IHH is normally expressed in hypertrophic chondrocytes of the growth plate and is thought to lie downstream of RUNX2 in the signaling cascade. IHH expression has been reported in osteosarcomas, chondroblastomas and hyaline cartilage-producing tumors.27, 28, 45, 46, 47 Its expression in osteoblastoma, chondromyxoid fibroma and giant cell tumor, as demonstrated in our study, has not been previously reported. The widespread, albeit weak, expression of IHH suggests a functional role in multiple lineages. Indeed, the primitive cells of Ewing sarcoma are the only primary bone tumors that we have observed, thus far, to be consistently negative for IHH (AH-unpublished observations). The relatively ubiquitous, weak expression, without strong expression in any tumor type in the present series did not provide added diagnostic utility.
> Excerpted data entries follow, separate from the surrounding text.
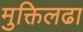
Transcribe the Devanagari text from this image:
मुक्तिलढा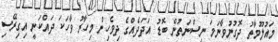
މައުލޫމާތު ދޮގުނުވާނަމަ ނިސްނަތުން ބޮޑު އަދަދެއްގެ ދިވެހިން މިހާރު ވާހަކަ ދައްކަނީ އިގިރޭސި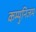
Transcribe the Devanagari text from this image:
कम्युनिजम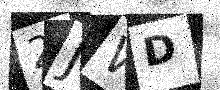
Text: 2JWD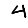
Digit: 4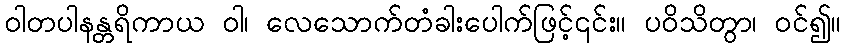
ဝါတပါနန္တရိကာယ ဝါ၊ လေသောက်တံခါးပေါက်ဖြင့်၎င်း။ ပဝိသိတွာ၊ ဝင်၍။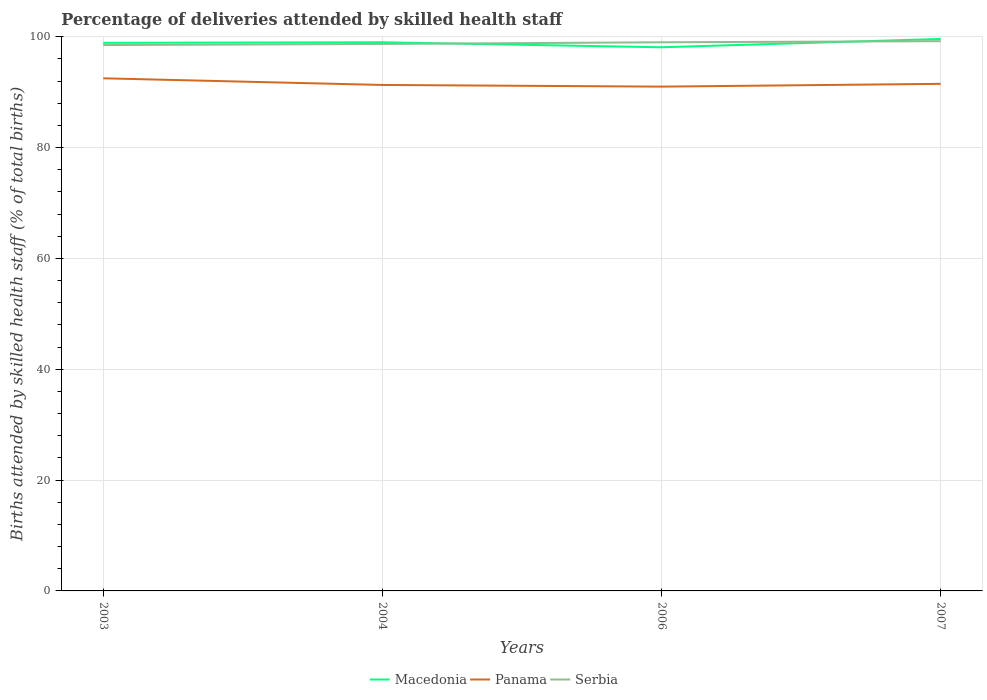
| Years | Macedonia | Panama | Serbia |
 | --- | --- | --- | --- |
 | 2003 | 98.9 | 92.5 | 98.5 |
 | 2004 | 99 | 91.3 | 98.7 |
 | 2006 | 98.1 | 91 | 99 |
 | 2007 | 99.6 | 91.5 | 99.2 |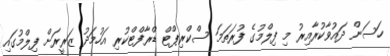
ހަސަން ދައުވާކުރާއިރު މި ފިލްމުގެ ފުރަތަމަ ސްކްރިޕްޓް ޑްރާފްޓްކުރި އަހުމަދު ޒަރީރަށް ފިލްމުގައި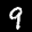
Label: 9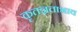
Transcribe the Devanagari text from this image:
कृतज्ञताभाव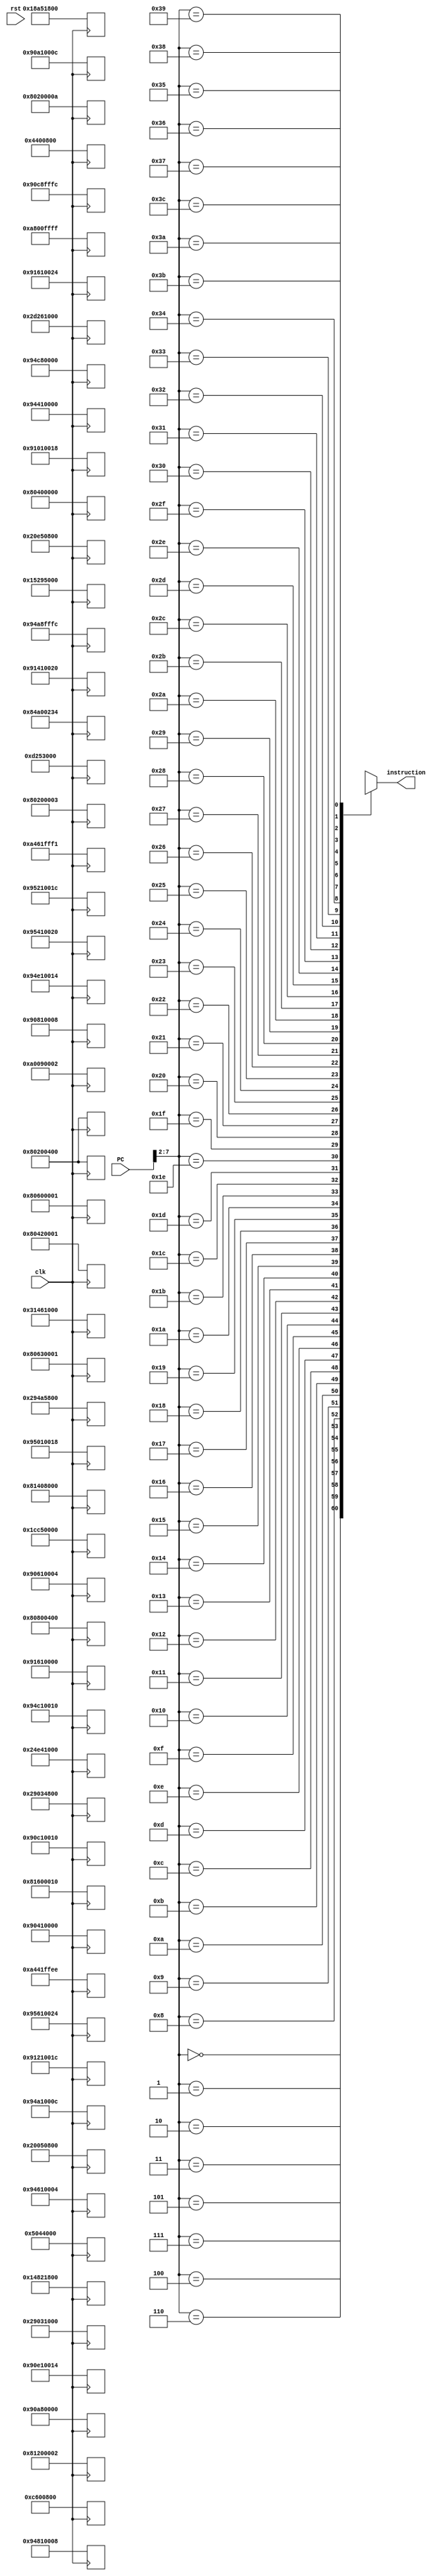
module Instaruction_mem #(parameter n = 32) (
    input clk,
    input rst,
    input [n-1:0] PC,
    output [n-1:0] instruction
);
    reg [n-1:0] _Instaruction_mem [0:60];
    always @(posedge clk) begin
        _Instaruction_mem[00] = 32'b100000_00001_00000_00000_00000001010;//-- Addi  r1,r0,10
        _Instaruction_mem[01] = 32'b000001_00010_00000_00001_00000000000;//-- Add   r2,r0,r1
        _Instaruction_mem[02] = 32'b000011_00011_00000_00001_00000000000;//-- sub   r3,r0,r1
        _Instaruction_mem[03] = 32'b000101_00100_00010_00011_00000000000;//-- And   r4,r2,r3
        _Instaruction_mem[04] = 32'b100001_00101_00000_00000_01000110100;//-- Subi  r5,r0,564
        _Instaruction_mem[05] = 32'b000110_00101_00101_00011_00000000000;//-- or    r5,r5,r3
        _Instaruction_mem[06] = 32'b000111_00110_00101_00000_00000000000;//-- nor   r6,r5,r0
        _Instaruction_mem[07] = 32'b001000_00000_00101_00001_00000000000;//-- xor   r0,r5,r1
        _Instaruction_mem[08] = 32'b001000_00111_00101_00001_00000000000;//-- xor   r7,r5,r0
        _Instaruction_mem[09] = 32'b001001_00111_00100_00010_00000000000;//-- sla   r7,r4,r2
        _Instaruction_mem[10] = 32'b001010_01000_00011_00010_00000000000;//-- sll   r8,r3,r2
        _Instaruction_mem[11] = 32'b001011_01001_00110_00010_00000000000;//-- sra   r9,r6,r2
        _Instaruction_mem[12] = 32'b001100_01010_00110_00010_00000000000;//-- srl   r10,r6,r2
        _Instaruction_mem[13] = 32'b100000_00001_00000_00000_10000000000;//-- Addi  r1,r0,1024
        _Instaruction_mem[14] = 32'b100101_00010_00001_00000_00000000000;//-- st    r2,r1,0
        _Instaruction_mem[15] = 32'b100100_01011_00001_00000_00000000000;//-- ld    r11,r1,0
        _Instaruction_mem[16] = 32'b100101_00011_00001_00000_00000000100;//-- st    r3,r1,4
        _Instaruction_mem[17] = 32'b100101_00100_00001_00000_00000001000;//-- st    r4,r1,8
        _Instaruction_mem[18] = 32'b100101_00101_00001_00000_00000001100;//-- st    r5,r1,12
        _Instaruction_mem[19] = 32'b100101_00110_00001_00000_00000010000;//-- st    r6,r1,16
        _Instaruction_mem[20] = 32'b100101_00111_00001_00000_00000010100;//-- st    r7,r1,20
        _Instaruction_mem[21] = 32'b100101_01000_00001_00000_00000011000;//-- st    r8,r1,24
        _Instaruction_mem[22] = 32'b100101_01001_00001_00000_00000011100;//-- st    r9,r1,28
        _Instaruction_mem[23] = 32'b100101_01010_00001_00000_00000100000;//-- st    r10,r1,32
        _Instaruction_mem[24] = 32'b100101_01011_00001_00000_00000100100;//-- st    r11,r1,36
        _Instaruction_mem[25] = 32'b100000_00001_00000_00000_00000000011;//-- Addi  r1,r0,3
        _Instaruction_mem[26] = 32'b100000_00100_00000_00000_10000000000;//-- Addi  r4,r0,1024
        _Instaruction_mem[27] = 32'b100000_00010_00000_00000_00000000000;//-- Addi  r2,r0,0
        _Instaruction_mem[28] = 32'b100000_00011_00000_00000_00000000001;//-- Addi  r3,r0,1 // GREEN
        _Instaruction_mem[29] = 32'b100000_01001_00000_00000_00000000010;//-- Addi  r9,r0,2 // RED
        _Instaruction_mem[30] = 32'b001010_01000_00011_01001_00000000000;//-- sll   r8,r3,r9
        _Instaruction_mem[31] = 32'b000001_01000_00100_01000_00000000000;//-- Add   r8,r4,r8
        _Instaruction_mem[32] = 32'b100100_00101_01000_00000_00000000000;//-- ld    r5,r8,0
        _Instaruction_mem[33] = 32'b100100_00110_01000_11111_11111111100;//-- ld    r6,r8,-4
        _Instaruction_mem[34] = 32'b000011_01001_00101_00110_00000000000;//-- sub   r9,r5,r6
        _Instaruction_mem[35] = 32'b100000_01010_00000_10000_00000000000;//-- Addi  r10,r0,0x8000
        _Instaruction_mem[36] = 32'b100000_01011_00000_00000_00000010000;//-- Addi  r11,r0,16
        _Instaruction_mem[37] = 32'b001010_01010_01010_01011_00000000000;//-- sll   r10,r10,r11
        _Instaruction_mem[38] = 32'b000101_01001_01001_01010_00000000000;//-- And   r9,r9,r10
        _Instaruction_mem[39] = 32'b101000_00000_01001_00000_00000000010;//-- Bez   r9,2
        _Instaruction_mem[40] = 32'b100101_00101_01000_11111_11111111100;//-- st    r5,r8,-4
        _Instaruction_mem[41] = 32'b100101_00110_01000_00000_00000000000;//-- st    r6,r8,0
        _Instaruction_mem[42] = 32'b100000_00011_00011_00000_00000000001;//-- Addi  r3,r3,1
        _Instaruction_mem[43] = 32'b101001_00011_00001_11111_11111110001;//-- BNE   r3,r1,-15 // RED
        _Instaruction_mem[44] = 32'b100000_00010_00010_00000_00000000001;//-- Addi  r2,r2,1
        _Instaruction_mem[45] = 32'b101001_00010_00001_11111_11111101110;//-- BNE   r2,r1,-18 // GREEN
        _Instaruction_mem[46] = 32'b100000_00001_00000_00000_10000000000;//-- Addi  r1,r0,1024
        _Instaruction_mem[47] = 32'b100100_00010_00001_00000_00000000000;//-- ld    r2,r1,0
        _Instaruction_mem[48] = 32'b100100_00011_00001_00000_00000000100;//-- ld    r3,r1,4
        _Instaruction_mem[49] = 32'b100100_00100_00001_00000_00000001000;//-- ld    r4,r1,8
        _Instaruction_mem[50] = 32'b100100_00101_00001_00000_00000001100;//-- ld    r5,r1,12
        _Instaruction_mem[51] = 32'b100100_00110_00001_00000_00000010000;//-- ld    r6,r1,16
        _Instaruction_mem[52] = 32'b100100_00111_00001_00000_00000010100;//-- ld    r7,r1,20
        _Instaruction_mem[53] = 32'b100100_01000_00001_00000_00000011000;//-- ld    r8,r1,24
        _Instaruction_mem[54] = 32'b100100_01001_00001_00000_00000011100;//-- ld    r9,r1,28
        _Instaruction_mem[55] = 32'b100100_01010_00001_00000_00000100000;//-- ld    r10,r1,32
        _Instaruction_mem[56] = 32'b100100_01011_00001_00000_00000100100;//-- ld    r11,r1,36
        _Instaruction_mem[57] = 32'b101010_00000_00000_11111_11111111111;//-- JMP   -1
    end
    assign instruction = _Instaruction_mem[PC[7:2]];
endmodule

SP7, has been detected in giant cell tumor at the RNA level, and osteoblastic but not chondroblastic neoplasms.22, 25 Functionally, SP7 may suppress SOX9 expression and thereby direct cells to an osteoblastic fate. In our series, SP7 was expressed in nearly all osteoblastic tumors but was largely absent in giant cell tumor, chondroblastoma and chondromyxoid fibroma. However, even in positive cases, staining was usually weak and thus did not improve the sensitivity or specificity of diagnostic panels. Interestingly, the single chondroblastoma (CBL26), which did show moderate (2+) SP7 expression displayed more aggressive clinical behavior (multiple, destructive recurrences) raising the possibility that this case might represent a higher grade form of the tumor.6

In summary, in this study we demonstrate that the expression patterns of skeletal development signaling molecules reinforce current diagnostic categories of bone tumors. Cluster analysis suggests a molecular relationship between a subset of osteosarcomas and the stromal cells of giant cell tumors. RUNX2, SOX9 and TWIST1 represent the most useful immunohistochemical panel to distinguish among these diagnoses with reasonable specificity and sensitivity although the results need to be interpreted in the correct histologic and radiographic context.